◆ **EXERCISE REQUIREMENTS**
Without changing anything, transcribe all of the entries.
BEGIN PROVIDED RECORDS
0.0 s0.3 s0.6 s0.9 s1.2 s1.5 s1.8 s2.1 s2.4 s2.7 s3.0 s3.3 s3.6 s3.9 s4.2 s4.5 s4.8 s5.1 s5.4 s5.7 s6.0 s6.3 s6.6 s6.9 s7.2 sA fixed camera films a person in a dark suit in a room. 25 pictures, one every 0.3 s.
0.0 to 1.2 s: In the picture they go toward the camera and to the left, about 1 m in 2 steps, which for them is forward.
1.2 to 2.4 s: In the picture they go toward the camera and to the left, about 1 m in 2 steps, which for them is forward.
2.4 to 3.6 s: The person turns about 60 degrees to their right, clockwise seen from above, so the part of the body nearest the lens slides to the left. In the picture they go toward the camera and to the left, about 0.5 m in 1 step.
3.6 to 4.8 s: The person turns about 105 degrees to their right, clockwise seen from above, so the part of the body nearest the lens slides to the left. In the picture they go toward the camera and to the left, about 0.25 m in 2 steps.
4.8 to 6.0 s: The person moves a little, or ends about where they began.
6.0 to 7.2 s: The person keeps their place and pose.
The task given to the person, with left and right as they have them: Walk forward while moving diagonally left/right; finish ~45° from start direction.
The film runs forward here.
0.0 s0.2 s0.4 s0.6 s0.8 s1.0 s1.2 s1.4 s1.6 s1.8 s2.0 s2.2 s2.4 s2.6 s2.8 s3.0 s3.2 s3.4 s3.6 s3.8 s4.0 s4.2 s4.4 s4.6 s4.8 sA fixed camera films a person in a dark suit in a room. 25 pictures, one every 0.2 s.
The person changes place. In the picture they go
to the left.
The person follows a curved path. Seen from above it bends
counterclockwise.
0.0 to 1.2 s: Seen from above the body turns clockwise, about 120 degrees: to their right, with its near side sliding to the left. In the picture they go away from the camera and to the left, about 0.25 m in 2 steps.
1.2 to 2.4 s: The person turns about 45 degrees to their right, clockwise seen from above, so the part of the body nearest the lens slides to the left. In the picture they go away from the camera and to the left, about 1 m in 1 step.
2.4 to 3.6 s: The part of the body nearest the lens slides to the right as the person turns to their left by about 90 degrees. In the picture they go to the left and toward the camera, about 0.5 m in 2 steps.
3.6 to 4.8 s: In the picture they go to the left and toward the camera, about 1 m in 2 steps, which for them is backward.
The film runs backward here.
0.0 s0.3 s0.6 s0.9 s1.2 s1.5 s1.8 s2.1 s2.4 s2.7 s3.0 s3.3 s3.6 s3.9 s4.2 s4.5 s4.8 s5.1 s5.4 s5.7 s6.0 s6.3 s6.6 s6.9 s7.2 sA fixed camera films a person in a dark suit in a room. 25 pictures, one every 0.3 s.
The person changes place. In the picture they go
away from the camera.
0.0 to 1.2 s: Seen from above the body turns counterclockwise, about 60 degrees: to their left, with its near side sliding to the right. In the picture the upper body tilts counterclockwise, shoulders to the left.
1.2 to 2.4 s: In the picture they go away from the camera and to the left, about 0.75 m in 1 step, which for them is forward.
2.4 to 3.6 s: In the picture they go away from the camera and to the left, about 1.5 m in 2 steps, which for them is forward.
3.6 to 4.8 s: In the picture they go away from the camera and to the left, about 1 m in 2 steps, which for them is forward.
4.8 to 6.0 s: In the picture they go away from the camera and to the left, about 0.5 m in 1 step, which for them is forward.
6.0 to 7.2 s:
END PROVIDED RECORDS
◆ **RESULT**
0.0 s0.3 s0.6 s0.9 s1.2 s1.5 s1.8 s2.1 s2.4 s2.7 s3.0 s3.3 s3.6 s3.9 s4.2 s4.5 s4.8 s5.1 s5.4 s5.7 s6.0 s6.3 s6.6 s6.9 s7.2 sA fixed camera films a person in a dark suit in a room. 25 pictures, one every 0.3 s.
0.0 to 1.2 s: In the picture they go toward the camera and to the left, about 1 m in 2 steps, which for them is forward.
1.2 to 2.4 s: In the picture they go toward the camera and to the left, about 1 m in 2 steps, which for them is forward.
2.4 to 3.6 s: The person turns about 60 degrees to their right, clockwise seen from above, so the part of the body nearest the lens slides to the left. In the picture they go toward the camera and to the left, about 0.5 m in 1 step.
3.6 to 4.8 s: The person turns about 105 degrees to their right, clockwise seen from above, so the part of the body nearest the lens slides to the left. In the picture they go toward the camera and to the left, about 0.25 m in 2 steps.
4.8 to 6.0 s: The person moves a little, or ends about where they began.
6.0 to 7.2 s: The person keeps their place and pose.
The task given to the person, with left and right as they have them: Walk forward while moving diagonally left/right; finish ~45° from start direction.
The film runs forward here.
0.0 s0.2 s0.4 s0.6 s0.8 s1.0 s1.2 s1.4 s1.6 s1.8 s2.0 s2.2 s2.4 s2.6 s2.8 s3.0 s3.2 s3.4 s3.6 s3.8 s4.0 s4.2 s4.4 s4.6 s4.8 sA fixed camera films a person in a dark suit in a room. 25 pictures, one every 0.2 s.
The person changes place. In the picture they go
to the left.
The person follows a curved path. Seen from above it bends
counterclockwise.
0.0 to 1.2 s: Seen from above the body turns clockwise, about 120 degrees: to their right, with its near side sliding to the left. In the picture they go away from the camera and to the left, about 0.25 m in 2 steps.
1.2 to 2.4 s: The person turns about 45 degrees to their right, clockwise seen from above, so the part of the body nearest the lens slides to the left. In the picture they go away from the camera and to the left, about 1 m in 1 step.
2.4 to 3.6 s: The part of the body nearest the lens slides to the right as the person turns to their left by about 90 degrees. In the picture they go to the left and toward the camera, about 0.5 m in 2 steps.
3.6 to 4.8 s: In the picture they go to the left and toward the camera, about 1 m in 2 steps, which for them is backward.
The film runs backward here.
0.0 s0.3 s0.6 s0.9 s1.2 s1.5 s1.8 s2.1 s2.4 s2.7 s3.0 s3.3 s3.6 s3.9 s4.2 s4.5 s4.8 s5.1 s5.4 s5.7 s6.0 s6.3 s6.6 s6.9 s7.2 sA fixed camera films a person in a dark suit in a room. 25 pictures, one every 0.3 s.
The person changes place. In the picture they go
away from the camera.
0.0 to 1.2 s: Seen from above the body turns counterclockwise, about 60 degrees: to their left, with its near side sliding to the right. In the picture the upper body tilts counterclockwise, shoulders to the left.
1.2 to 2.4 s: In the picture they go away from the camera and to the left, about 0.75 m in 1 step, which for them is forward.
2.4 to 3.6 s: In the picture they go away from the camera and to the left, about 1.5 m in 2 steps, which for them is forward.
3.6 to 4.8 s: In the picture they go away from the camera and to the left, about 1 m in 2 steps, which for them is forward.
4.8 to 6.0 s: In the picture they go away from the camera and to the left, about 0.5 m in 1 step, which for them is forward.
6.0 to 7.2 s:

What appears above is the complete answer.